Location
- Samayapuram, Trichy, Tamil Nadu India 10°56′02″N 78°44′49″E﻿ / ﻿10.9340070°N 78.7469416°E

Information
- Type: Coeducation
- Motto: சிந்தனையில் மாற்றம்.
- Established: 2006
- School district: Trichy
- Principal: Mr. Thulasithasan
- Grades: From Grade LKG to Grade 12
- Campus size: 52 acres
- Website: https://www.srvschoolstrichy.org/matric

= SRV Matriculation Higher Secondary School, Samayapuram =

SRV (known as Smart Resourceful Vibrant) is a co-educational school located in Samayapuram near the city of Trichy in the Indian state of Tamil Nadu. It opened in 2006 and possesses a 50-acre campus. The school comes under the aegis of the Sri Vigneswara Educational Trust, Rasipuram. This school runs under Tamil Nadu State Board Syllabus and is especially noted for securing high marks in Board Exams.

== Curriculum ==
This school adopts the "Rote learning system" in 11th and 12th grades. This school often conducts programmes for students to improve their moral life. This school follows "CAT (Class Assessment Test)" for Board Exam attending classes. This school also conducts NEET and JEE-Main full time courses affiliated to pinnacle classes Services.

== Boarding Facilities ==
- SRV Samayapuram provides one of the top notch boarding facilities in Tamil Nadu. The hostel environment is peaceful and spacious with 2 hostels each for girls and boys.
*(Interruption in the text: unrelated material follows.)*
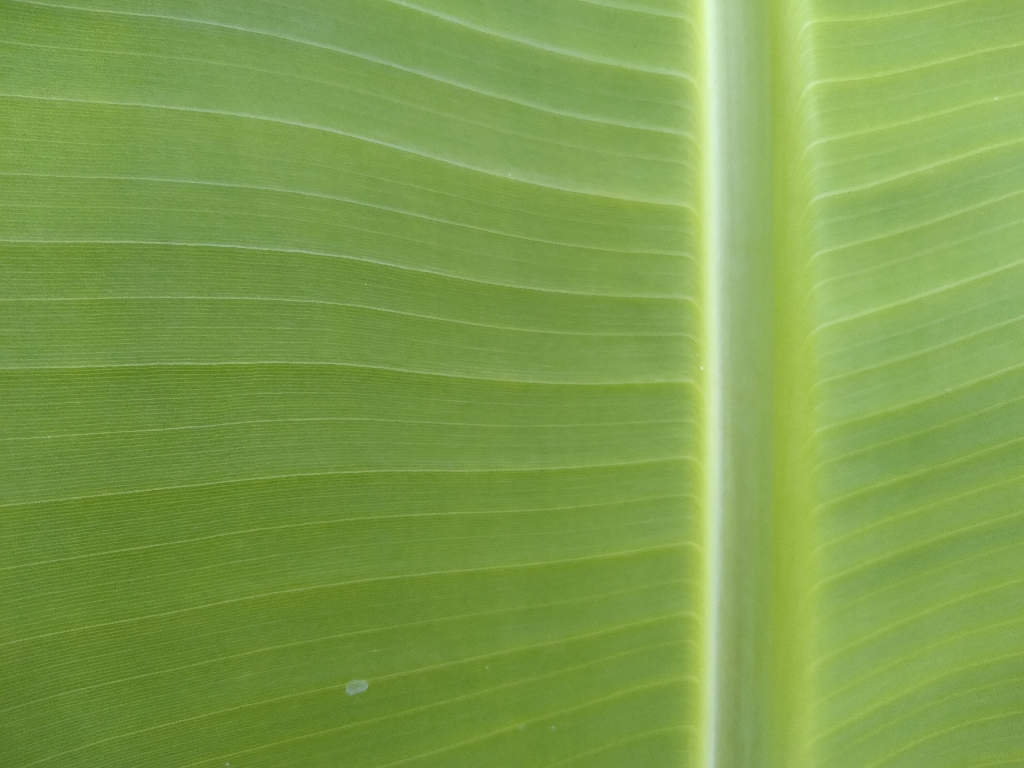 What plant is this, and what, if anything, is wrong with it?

banana, healthy

Their mess facility allows at least 1000 students to sit an enjoy tasty meals at the same time.

== Extra-curricular activities ==
- This school publishes SRV Times Monthly Newsletter.
- This school organises a weekly leadership programme for students of higher classes for their career guidance.
- The school has many associate directors in order to encourage culturals and non-academic activities in students.
- The school encourages the students to participate in all cultural events in and around the city.
- This school also conducts a vibrant leadership program conducted by the HRD (Human Resource Development) Department of the school.